The free plan covers group meetings, one booking page, and Sign-up Sheet. Zoom and Google Meet are included too. The catch is that ads run on every poll and booking page you share, and customisation is basically non-existent.

For scheduling a casual team meeting or a one-off group event, it works. For anything client-facing, I’d hesitate.

Pro

The Pro plan sits at $14.95/month per user (billed monthly). It removes ads, unlocks unlimited booking pages and 1:1s, and adds custom branding, Microsoft Teams, Webex support, and Zapier.

You can also track who’s responded and send reminders to participants who haven’t.

Team

The Team plan costs $19.95/month per user (billed monthly for five users), and includes everything in Pro. On top of that, you get an admin console, roles and permissions, co-hosting, booking on behalf of others, and activity reports.

It scales from 2 to 100 users, which makes it a reasonable fit for HR teams, recruiting ops, or any team that needs shared scheduling under one managed account.

What Doodle Does Well

I went through verified Doodle reviews on G2 and Capterra alongside my own experience testing the scheduling tool. A few genuine strengths came up consistently enough that I can’t ignore them.

Scheduling Efficiency

This is one of the most praised aspects across reviews, and I felt this firsthand. You build the poll, share it, and the back-and-forth simply stops.

via G2

Booking Management

I set up a booking page during testing, connected it to my calendar, and it reflected my availability accurately without me touching it again. The Doodle scheduling app does exactly what it promises.

via G2

Easy to Use for Everyone Involved

Ease of use is one of the top-rated positives on G2.

via G2

I’d add that anyone I’ve shared a Doodle scheduling poll link with has figured it out without needing instructions. That kind of zero-explanation usability is rarer than it should be.

Where Doodle Falls Short

Here’s where I stop being diplomatic. These are recurring complaints across reviews that showed up in my own testing too.

Reminders and Notifications are Inconsistent

via G2

A poll I sent out got fewer responses than it should have because people said they never saw a follow-up. Reviewers want more consistent reminders, more customisation over when and how notifications fire, and better reliability overall.

The Free Plan is Hard to Use Because of Ads

via G2

I opened a free poll during testing and the page was sluggish because of everything running on it. Sharing that link with a client would have been embarrassing. Doodle markets a free tier, but the experience has deteriorated to the point where it’s hard to recommend for anything professional.

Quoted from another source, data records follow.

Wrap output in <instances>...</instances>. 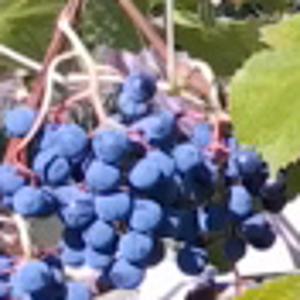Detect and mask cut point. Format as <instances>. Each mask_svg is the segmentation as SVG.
<instances>
[{"label":"cut point","mask_w":300,"mask_h":300,"mask_svg":"<svg viewBox=\"0 0 300 300\" xmlns=\"http://www.w3.org/2000/svg\"><path fill=\"white\" fill-rule=\"evenodd\" d=\"M55 26L62 33H64L68 41L71 43L73 49L66 53L57 55L50 63L46 83V96L44 102L41 104L40 110L35 114V121L33 122L30 131L27 133L26 143L28 145H33L35 143V139L39 136L42 127L44 126V116L47 113L48 107L53 99V85L56 69L61 61L69 60L78 55L85 65L93 107L96 111H101L103 109V102L99 92V80L97 78L96 68L92 56L82 45L80 38L76 35L72 27L68 25L62 18H57L55 20Z\"/></svg>","instance_id":"obj_1"},{"label":"cut point","mask_w":300,"mask_h":300,"mask_svg":"<svg viewBox=\"0 0 300 300\" xmlns=\"http://www.w3.org/2000/svg\"><path fill=\"white\" fill-rule=\"evenodd\" d=\"M188 66L197 68L199 70V75L206 80L209 93V103L211 104V113L214 117H219L221 115V103L218 95V75L208 63L199 58H189Z\"/></svg>","instance_id":"obj_2"}]
</instances>
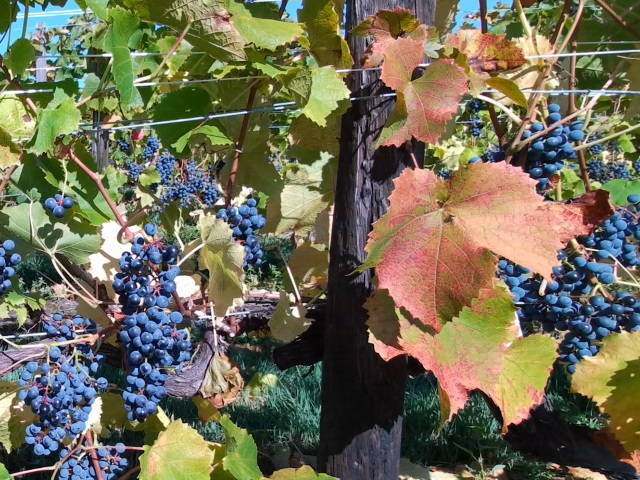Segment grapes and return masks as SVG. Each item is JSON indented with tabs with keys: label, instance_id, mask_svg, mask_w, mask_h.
<instances>
[{
	"label": "grapes",
	"instance_id": "grapes-4",
	"mask_svg": "<svg viewBox=\"0 0 640 480\" xmlns=\"http://www.w3.org/2000/svg\"><path fill=\"white\" fill-rule=\"evenodd\" d=\"M583 122L573 120L571 125H557L546 136H539L528 146L526 166L533 179L540 181L539 190H546L549 184V173L564 168L562 159H576L577 151L573 150L570 141L584 138Z\"/></svg>",
	"mask_w": 640,
	"mask_h": 480
},
{
	"label": "grapes",
	"instance_id": "grapes-14",
	"mask_svg": "<svg viewBox=\"0 0 640 480\" xmlns=\"http://www.w3.org/2000/svg\"><path fill=\"white\" fill-rule=\"evenodd\" d=\"M549 117L546 118L548 127H552L556 122L562 119L561 106L558 103H550L548 105Z\"/></svg>",
	"mask_w": 640,
	"mask_h": 480
},
{
	"label": "grapes",
	"instance_id": "grapes-13",
	"mask_svg": "<svg viewBox=\"0 0 640 480\" xmlns=\"http://www.w3.org/2000/svg\"><path fill=\"white\" fill-rule=\"evenodd\" d=\"M105 448H97L95 449L96 459L98 460V467L100 469H106L109 465L108 457L113 455V450L111 445H107Z\"/></svg>",
	"mask_w": 640,
	"mask_h": 480
},
{
	"label": "grapes",
	"instance_id": "grapes-7",
	"mask_svg": "<svg viewBox=\"0 0 640 480\" xmlns=\"http://www.w3.org/2000/svg\"><path fill=\"white\" fill-rule=\"evenodd\" d=\"M82 454V450L75 451V457H71L61 464L58 480H97L91 453L87 452L78 461L76 457Z\"/></svg>",
	"mask_w": 640,
	"mask_h": 480
},
{
	"label": "grapes",
	"instance_id": "grapes-12",
	"mask_svg": "<svg viewBox=\"0 0 640 480\" xmlns=\"http://www.w3.org/2000/svg\"><path fill=\"white\" fill-rule=\"evenodd\" d=\"M37 372H38V362L28 361L25 364V371L21 372V376L19 377L20 379L18 380V384L21 387H27L28 386L27 381H30L33 377V374Z\"/></svg>",
	"mask_w": 640,
	"mask_h": 480
},
{
	"label": "grapes",
	"instance_id": "grapes-16",
	"mask_svg": "<svg viewBox=\"0 0 640 480\" xmlns=\"http://www.w3.org/2000/svg\"><path fill=\"white\" fill-rule=\"evenodd\" d=\"M544 130V126L542 123L539 122H533L531 124V128L526 129V131L524 132L523 138L524 139H529L531 136L538 134L539 132H542Z\"/></svg>",
	"mask_w": 640,
	"mask_h": 480
},
{
	"label": "grapes",
	"instance_id": "grapes-6",
	"mask_svg": "<svg viewBox=\"0 0 640 480\" xmlns=\"http://www.w3.org/2000/svg\"><path fill=\"white\" fill-rule=\"evenodd\" d=\"M257 200L249 198L246 205H240L238 209L222 208L216 212L218 219L228 221L231 218L230 229L236 236L246 235V245L244 246V257L242 267L246 268L251 260L257 258L256 266L262 264L264 252L259 247V240L253 234V228L264 229L267 226V219L263 214L258 213Z\"/></svg>",
	"mask_w": 640,
	"mask_h": 480
},
{
	"label": "grapes",
	"instance_id": "grapes-8",
	"mask_svg": "<svg viewBox=\"0 0 640 480\" xmlns=\"http://www.w3.org/2000/svg\"><path fill=\"white\" fill-rule=\"evenodd\" d=\"M15 242L13 240H4L0 247V292H5L12 288V280L15 276V269L12 266L19 265L22 262L20 253L6 255V251H13Z\"/></svg>",
	"mask_w": 640,
	"mask_h": 480
},
{
	"label": "grapes",
	"instance_id": "grapes-2",
	"mask_svg": "<svg viewBox=\"0 0 640 480\" xmlns=\"http://www.w3.org/2000/svg\"><path fill=\"white\" fill-rule=\"evenodd\" d=\"M573 265L576 271H568L563 284L558 279L546 285V289L553 294L539 296L538 290L542 286L540 280L526 278L530 269L518 265L515 267L510 261L501 259L498 263L496 277L501 278L505 285H509L513 301H525L516 315L522 321L536 320L542 323L547 332L571 330L560 343L563 352L560 361L569 363L566 371L575 373V363L580 362L581 356L592 357L600 353V345H590L599 337H608L619 331L622 325L627 331H638L640 327V297L625 291L615 293L616 300L621 304L605 302V298L596 295L588 299V304L572 301L571 292L575 287L581 293H591L590 281L594 276L604 284L615 281L614 268L609 264L600 265L598 262L587 261L582 257H575Z\"/></svg>",
	"mask_w": 640,
	"mask_h": 480
},
{
	"label": "grapes",
	"instance_id": "grapes-5",
	"mask_svg": "<svg viewBox=\"0 0 640 480\" xmlns=\"http://www.w3.org/2000/svg\"><path fill=\"white\" fill-rule=\"evenodd\" d=\"M603 233L601 237H596L591 233L590 237H578L577 241L583 243L585 247H599L596 256L599 259L609 260L617 258L623 267L640 266V257H636L635 245L626 241V237H633L640 241V222L634 223L630 213L617 209L616 214H612L602 224Z\"/></svg>",
	"mask_w": 640,
	"mask_h": 480
},
{
	"label": "grapes",
	"instance_id": "grapes-11",
	"mask_svg": "<svg viewBox=\"0 0 640 480\" xmlns=\"http://www.w3.org/2000/svg\"><path fill=\"white\" fill-rule=\"evenodd\" d=\"M128 466L129 460L127 458L116 457L114 463L110 465V469L101 472V477L104 480H117V475H120Z\"/></svg>",
	"mask_w": 640,
	"mask_h": 480
},
{
	"label": "grapes",
	"instance_id": "grapes-3",
	"mask_svg": "<svg viewBox=\"0 0 640 480\" xmlns=\"http://www.w3.org/2000/svg\"><path fill=\"white\" fill-rule=\"evenodd\" d=\"M51 362L61 364V370L56 375H51L50 386L54 390V396L40 395L37 387L26 390H18L17 395L30 410L39 415L40 422L31 423L25 428L24 442L34 445L33 452L36 455L48 456L52 451H57L59 442L67 436L75 439L79 432L86 429V420L92 412L97 391L92 386H86L83 382L85 374L98 373L100 365L106 360L104 353H97L95 360L89 363V367L81 363L75 365V359L70 354L62 355L60 348H52L49 352ZM46 425L50 432L42 438V444L38 443L39 435Z\"/></svg>",
	"mask_w": 640,
	"mask_h": 480
},
{
	"label": "grapes",
	"instance_id": "grapes-15",
	"mask_svg": "<svg viewBox=\"0 0 640 480\" xmlns=\"http://www.w3.org/2000/svg\"><path fill=\"white\" fill-rule=\"evenodd\" d=\"M39 368L43 374V377L40 378V385L47 386L49 384L48 374L51 372V365L50 363L44 362L39 365Z\"/></svg>",
	"mask_w": 640,
	"mask_h": 480
},
{
	"label": "grapes",
	"instance_id": "grapes-10",
	"mask_svg": "<svg viewBox=\"0 0 640 480\" xmlns=\"http://www.w3.org/2000/svg\"><path fill=\"white\" fill-rule=\"evenodd\" d=\"M74 325H83L85 328H95L96 322L92 319H85L81 314H76L71 319H67L60 327V332L64 337H58L57 342L71 340L74 338Z\"/></svg>",
	"mask_w": 640,
	"mask_h": 480
},
{
	"label": "grapes",
	"instance_id": "grapes-9",
	"mask_svg": "<svg viewBox=\"0 0 640 480\" xmlns=\"http://www.w3.org/2000/svg\"><path fill=\"white\" fill-rule=\"evenodd\" d=\"M45 207L52 211L56 218H63L66 215V209L74 207V200L71 197H64L62 193H56L54 198L46 199Z\"/></svg>",
	"mask_w": 640,
	"mask_h": 480
},
{
	"label": "grapes",
	"instance_id": "grapes-1",
	"mask_svg": "<svg viewBox=\"0 0 640 480\" xmlns=\"http://www.w3.org/2000/svg\"><path fill=\"white\" fill-rule=\"evenodd\" d=\"M143 244L142 236L135 237L131 252L120 254L118 266L121 273L115 274L111 283L113 291L120 295L119 303L123 305L121 311L128 315L122 319L126 327L119 333L126 355L129 356L127 367L131 371L126 376V387L122 392L124 409L128 412L129 421L138 419L140 422L147 420V413L154 414L157 411L158 403L167 393V388L161 386L167 380V375L153 369V365L157 368L179 367L191 360L190 351L193 349V342L184 340L187 332L173 331L171 326V323H183L182 313L173 311L166 315L164 310L155 308L156 305L159 308L170 305L171 293L177 291L174 280L181 274V268L173 265L170 270L159 273L161 289L157 296L149 286L151 278L138 273L144 269V261L147 260L156 265L174 263L179 255L178 247L168 245L159 251L156 245H151L143 251ZM143 388L150 400L144 394L134 393Z\"/></svg>",
	"mask_w": 640,
	"mask_h": 480
}]
</instances>

Who Should Use Doodle in 2026?

The answer depends entirely on what you’re trying to solve. After testing the Doodle scheduling app and reading through what real users say, here’s my honest read.

Doodle makes the most sense for remote teams coordinating across time zones, HR teams running multi-stage interview rounds, educators organising group sessions, and anyone scheduling regularly with external participants who aren’t going to sign up for yet another platform.

If you need CRM sync, automated booking funnels, or a free tier that looks professional when shared with clients, Doodle will frustrate you. Those limitations are structural, and they’ve been there long enough that they’re clearly not going away.

In contrast, if you need more automation or a free experience you’re not embarrassed to share with clients, spend some time with Doodle review and alternatives before you commit.

FAQs

Is Doodle free to use?

Yes, the free plan covers group meetings, one booking page, and sign-up sheets, along with Zoom and Google Meet support. It runs on ads and has limited customisation.

What is the difference between Doodle and Calendly?

Doodle and Calendly solve different problems. Calendly doesn’t have a group poll feature for finding a shared time across many participants; that’s Doodle’s core strength as a scheduling tool. Calendly wins on individual booking automation and CRM integrations.

Is Doodle good for large group scheduling?

Yes, Doodle’s scheduling poll feature handles large participant counts well, and the availability grid makes the winning time slot easy to spot.